Labour Party leader Phil Goff is wooing the domestic information technology industry, saying it would be a key beneficiary of the party's proposed reforms of government procurement.The objection by National is a typical one given whenever anyone suggests we should try to protect our own. For the last couple of decades we have opened our economy up to overseas investment and overseas trade, but arguably in a way that hasn’t greatly enhanced our own economy. Our policy of removing almost all barriers to trade may well see us as one of the most open economies in the world, but it also means we do nothing to protect our own industries.
Goff has been touring technology companies and said agencies had "drifted" into a situation in which they were discriminating against local providers in managing their $2 billion annual spend on ICT. Labour intended to positively discriminate in their favour, recognising the broader economic benefits.

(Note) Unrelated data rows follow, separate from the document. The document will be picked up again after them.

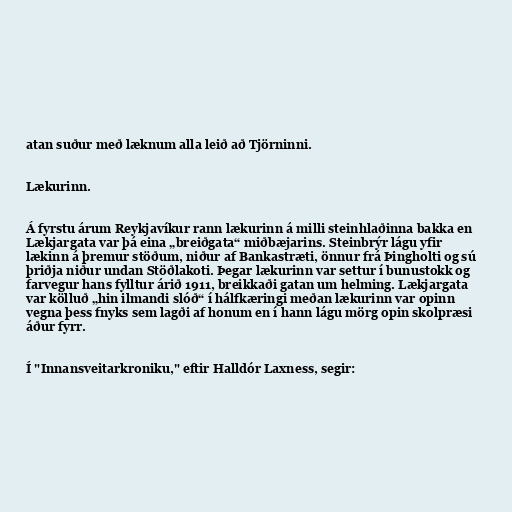
atan suður með læknum alla leið að Tjörninni.

Lækurinn.

Á fyrstu árum Reykjavíkur rann lækurinn á milli steinhlaðinna bakka en
Lækjargata var þá eina „breiðgata“ miðbæjarins. Steinbrýr lágu yfir
lækinn á þremur stöðum, niður af Bankastræti, önnur frá Þingholti og sú
þriðja niður undan Stöðlakoti. Þegar lækurinn var settur í bunustokk og
farvegur hans fylltur árið 1911, breikkaði gatan um helming. Lækjargata
var kölluð „hin ilmandi slóð“ í hálfkæringi meðan lækurinn var opinn
vegna þess fnyks sem lagði af honum en í hann lágu mörg opin skolpræsi
áður fyrr.

Í "Innansveitarkroniku," eftir Halldór Laxness, segir:
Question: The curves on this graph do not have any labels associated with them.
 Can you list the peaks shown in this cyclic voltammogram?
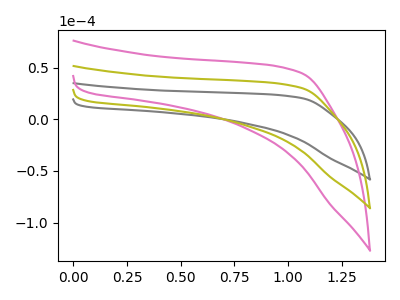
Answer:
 <answer>The gray curve "gray" has no peaks. The pink curve "pink" has no peaks. The olive curve "olive" has no peaks.</answer>
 <eval></eval>
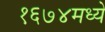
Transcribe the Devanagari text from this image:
१६७४मध्ये
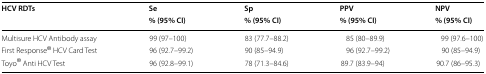
<table><thead><tr><td rowspan="2"><b>HCV RDTs</b></td><td><b>Se</b></td><td><b>Sp</b></td><td><b>PPV</b></td><td><b>NPV</b></td></tr><tr><td><b>% (95% CI)</b></td><td><b>% (95% CI)</b></td><td><b>% (95% CI)</b></td><td><b>% (95% CI)</b></td></tr></thead><tbody><tr><td>Multisure HCV Antibody assay</td><td>99 (97–100)</td><td>83 (77.7–88.2)</td><td>85 (80–89.9)</td><td>99 (97.6–100)</td></tr><tr><td>First Response<sup>®</sup> HCV Card Test</td><td>96 (92.7–99.2)</td><td>90 (85–94.9)</td><td>96 (92.7–99.2)</td><td>90 (85–94.9)</td></tr><tr><td>Toyo<sup>®</sup> Anti HCV Test</td><td>96 (92.8–99.1)</td><td>78 (71.3–84.6)</td><td>89.7 (83.9–94)</td><td>90.7 (86–95.3)</td></tr></tbody></table>
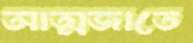
আত্মজাতে
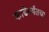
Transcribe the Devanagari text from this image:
काढेपर्यंतचा
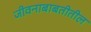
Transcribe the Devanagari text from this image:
जीवनाबाबतीतील
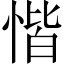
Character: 𢝷
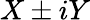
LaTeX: X\pm iY
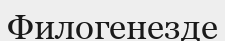
Филогенезде
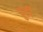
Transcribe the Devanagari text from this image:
पुर्ती

Economic Development Minister David Carter believed that could breach trade agreements "placing at risk the ability of Kiwi firms to bid for government procurement contracts in valuable offshore markets".

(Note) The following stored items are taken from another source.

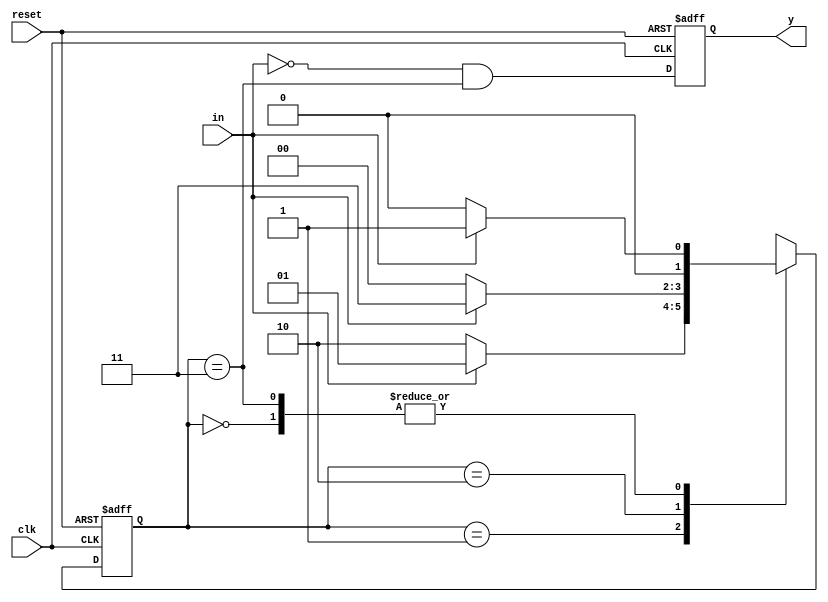
`timescale 1ns / 1ps

module mealy_1010(output reg y, input clk, reset, in);
  reg [1:0]next_state = 0;
  reg [1:0]state = 0;
  
  parameter s0 = 2'b00, s1 = 2'b01, s2 = 2'b10, s3 = 2'b11;
  
  //present state block
  always @(posedge clk or posedge reset)
    begin
      if(reset)
      	state <= s0;
      else
        state <= next_state;
    end
  
  //next state and output block
  always @(*)
    begin 
      case(state)
        s0: next_state <= in ? s1 : s0;
        s1: next_state <= in ? s1 : s2;
        s2: next_state <= in ? s3 : s0;
        s3: next_state <= in ? s1 : s0;
        default: next_state <= s0;
      endcase
    end
  
  //output block
  always @(posedge clk or posedge reset)
    begin
      if(reset)
      	y <= 1'b0;
      else
        y <= ~in && (state == s3);
    end  
endmodule
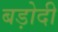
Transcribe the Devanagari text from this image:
बड़ोदी
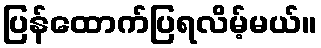
ပြန်ထောက်ပြရလိမ့်မယ်။
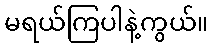
မရယ်ကြပါနဲ့ကွယ်။
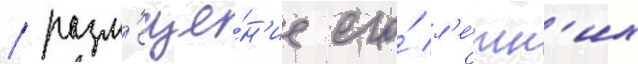
/ разм'еще́н'ие его́ л'е́тн'их
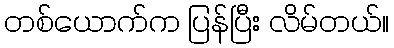
တစ်ယောက်က ပြန်ပြီး လိမ်တယ်။
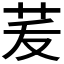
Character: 𦭞
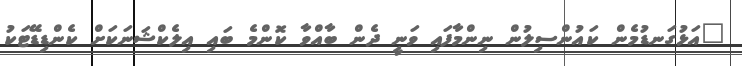
"އަޅުގަނޑުމެން ކައުންސިލުން ނިންމާފައި ވަނީ ދެން ބާއްވާ ކޮންމެ ބައި އިލެކްޝަނަކަށް ކެންޑިޑޭޓަކު
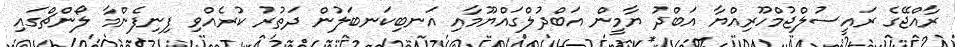
ރާއްޖޭގެ ރައީސުލްޖުމްހޫރިއްޔާ އަބްދު ޔާމީން އަބްދުލްގައްޔޫމާއި އަނބިކަނބަލުން ދަތުރު ކުރެއްވި ފިނިފެންމާ ލޯންޗްގައި
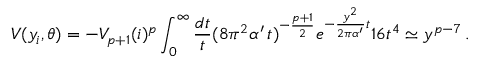
V ( y _ { i } , \theta ) = - V _ { p + 1 } ( i ) ^ { p } \int _ { 0 } ^ { \infty } \frac { d t } { t } ( 8 \pi ^ { 2 } \alpha ^ { \prime } \, t ) ^ { - \frac { p + 1 } { 2 } } e ^ { - \frac { y ^ { 2 } } { 2 \pi \alpha ^ { \prime } } t } 1 6 t ^ { 4 } \simeq y ^ { p - 7 } \, .
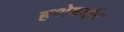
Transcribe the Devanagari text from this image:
हशेमाईट
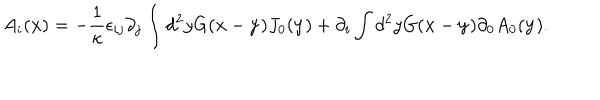
A _ { i } ( { \bf x } ) = - \frac { 1 } { \kappa } \epsilon _ { i j } \partial _ { j } \int d ^ { 2 } y G ( { \bf x } - { \bf y } ) J _ { 0 } ( { \bf y } ) + \partial _ { i } \int d ^ { 2 } y G ( { \bf x } - { \bf y } ) \partial _ { 0 } A _ { 0 } ( { \bf y } ) .
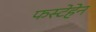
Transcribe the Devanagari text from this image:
फस्टेहेन
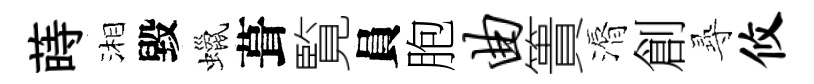
蒔湘毀蠟葺覧員胞曲簣漘創𡬶攸
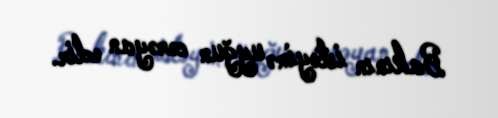
Bakının istəyinə uyğun cərəyan edir.
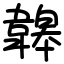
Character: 韟
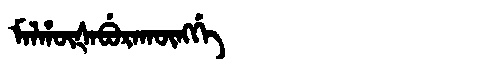
Manchu: ᠮᠠᠯᡥᡡᡧᠠᠪᡠᡵᠠᡴᡡᠩᡤᡝ
Romanization: MALHŪŠABURAKŪNGGE
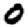
Digit: 0
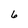
Character: 6
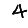
Digit: 4
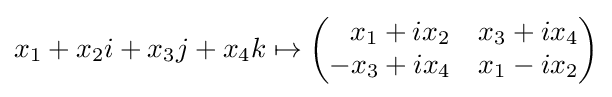
x_{1}+x_{2}i+x_{3}j+x_{4}k\mapsto {\begin{pmatrix}\;\;\,x_{1}+ix_{2}&x_{3}+ix_{4}\\-x_{3}+ix_{4}&x_{1}-ix_{2}\end{pmatrix}}
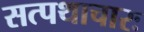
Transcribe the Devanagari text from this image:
सत्पथाचारः
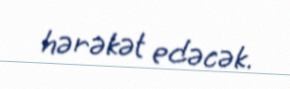
hərəkət edəcək.
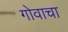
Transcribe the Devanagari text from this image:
गोवाचा
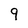
Character: 9
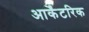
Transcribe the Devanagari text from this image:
आर्केंटरिक

And, generally speaking, a free trade system is good for New Zealand, because it gives us access to markets that we would otherwise struggle to enter.
But our free trade system is not really “free”. Many of the countries we trade with still protect their industries, particularly in the agriculture and primary produce areas. We may have dropped our pants for our trading partners, but they have mostly failed to reciprocate.
So requiring government organisations to factor into their decisions the desirability of buying local sounds like a pretty good idea.